Venous Thromboembolism in Renally Impaired Patients and Direct Oral Anticoagulants (VERDICT)
Renal Insufficiency
About this trial
This is an interventional treatment trial for Renal Insufficiency focused on measuring Renal insufficiency, Direct oral anticoagulants (DOA), Deep Vein Thrombosis (DVT), Pulmonary Embolism (PE), Venous Thromboembolism (VTE), Heparins
Eligibility Criteria
Inclusion Criteria:
- Patients with a moderate renal insufficiency defined by a creatinine clearance between 30 to 50 ml/min (Cockcroft and Gault formulae) or a severe renal insufficiency (between 15 to 29 ml/min)
- Patients with acute objectively confirmed symptomatic proximal deep-vein thrombosis (DVT) or pulmonary embolism (PE) (with or without deep-vein thrombosis), planned to be treated for at least 3 months
- Patients >18 years
- Life expectancy more than 3 months
- Social security affiliation
- Signed informed consent
Exclusion Criteria:
- Indication for anticoagulants other than VTE
- Active bleeding or a high risk of bleeding contraindicating anticoagulant treatment; a systolic blood pressure of more than 180 mm Hg or a diastolic blood pressure of more than 110 mm Hg
- Anticoagulation for more than 72 hours prior to randomization
- Chronic liver disease or chronic hepatitis
- Patient at high risk of bleeding
- Creatinine clearance <15 ml/min or end stage renal disease or indication for extra-renal dialysis
- Need for concomitant anti-platelet therapy other than aspirin 75-325 mg per day. However concomitant treatment with aspirin is discouraged in this population at bleeding risk.
- Concomitant use of a strong inhibitor of cytochrome P-450 3A4 (CYP3A4) (e.g., a protease inhibitor for human immunodeficiency virus infection or azole-antimycotics agents ketoconazole, itraconazole, voriconazole, posaconazole) or a CYP3A4 inducer (e.g., rifampin, carbamazepine, or phenytoin),
- Active pregnancy or expected pregnancy or no effective contraception
- Any contraindication listed in the local labeling of UFH, LMWH or VKA or oral anticoagulant.

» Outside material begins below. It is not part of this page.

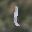
Label: 1
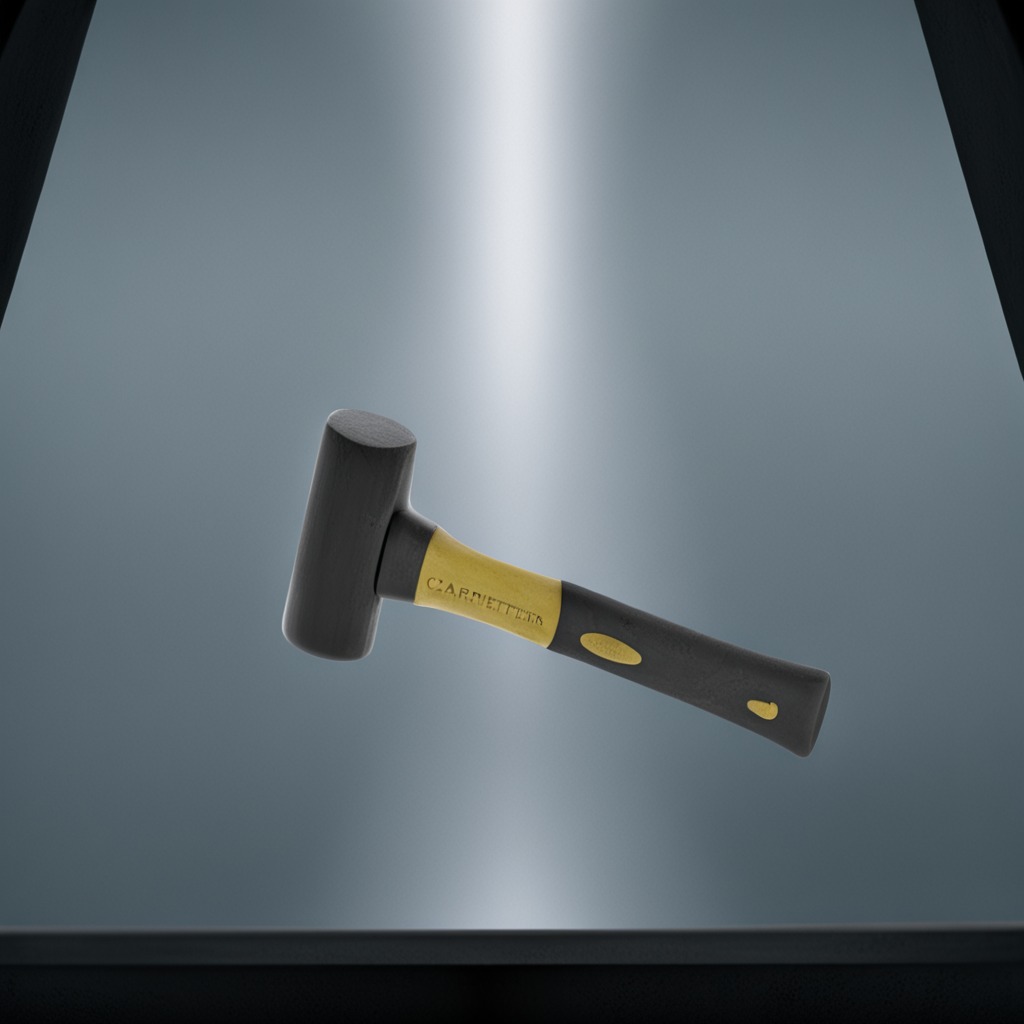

- Cancer-associated VTE requiring long-term treatment with LMWH
- Life expectancy of less than 3 months.
Sites / Locations
- CH ARRAS
- Chu Tours
- CH d'Agen-Nérac
- Chu Amiens
- Chu Angers
- CH Besançon
- CHU de Bordeaux
- CHU La Cavale Blanche Brest
- HIA de Brest
- CHU Castelnau-le-Lez
- CH Louis Pasteur - Chartres
- Chu Clermont-Ferrand
- CHU Dijon
- Hôpital La Tronche Grenoble
- Hôpital Charles Foix - APHP Ivry sur Seine
- Chu Limoges
- CHU Lyon
- HCL - Hôpital Edouard Herriot
- Chu Montpellier
- CHU de Nantes - Hôpital Bellier
- CHU de Nantes - Hôpital Hôtel Dieu
- CHU Nice
- HEGP - APHP Paris
- Hôpital Louis Mourier- APHP Paris
- CHU de Rouen
- Chu Saint Etienne
- Chu Strasbourg
- CH Toulon
- HIA de Toulon
- CHU Toulouse
- CH de Valenciennes
Arms of the Study
Arm 1
Arm 2
Experimental
Active Comparator
DOA : Direct Oral Anticoagulants
SOC : Standard Of Care
The experimental group receiving DOA regimens: patients will be secondarily randomly assigned within DOAs group between: Apixaban (Eliquis® tablet) 10 mg bid for 7 days then 2.5 mg bid for 3 months Rivaroxaban (Xarelto® tablet) 15 mg bid for 21 days then 15 mg od for 3 months.
The control group receiving the standard of care (SOC), i.e. heparins/VKA regimen. Patients will receive the current recommended therapy: subcutaneous or intravenous UFH/VKA in case of severe renal insufficiency and subcutaneous LMWH/VKA in case of moderate renal insufficiency for at least 5 days. VKA will begin concomitantly and continue for 3 months.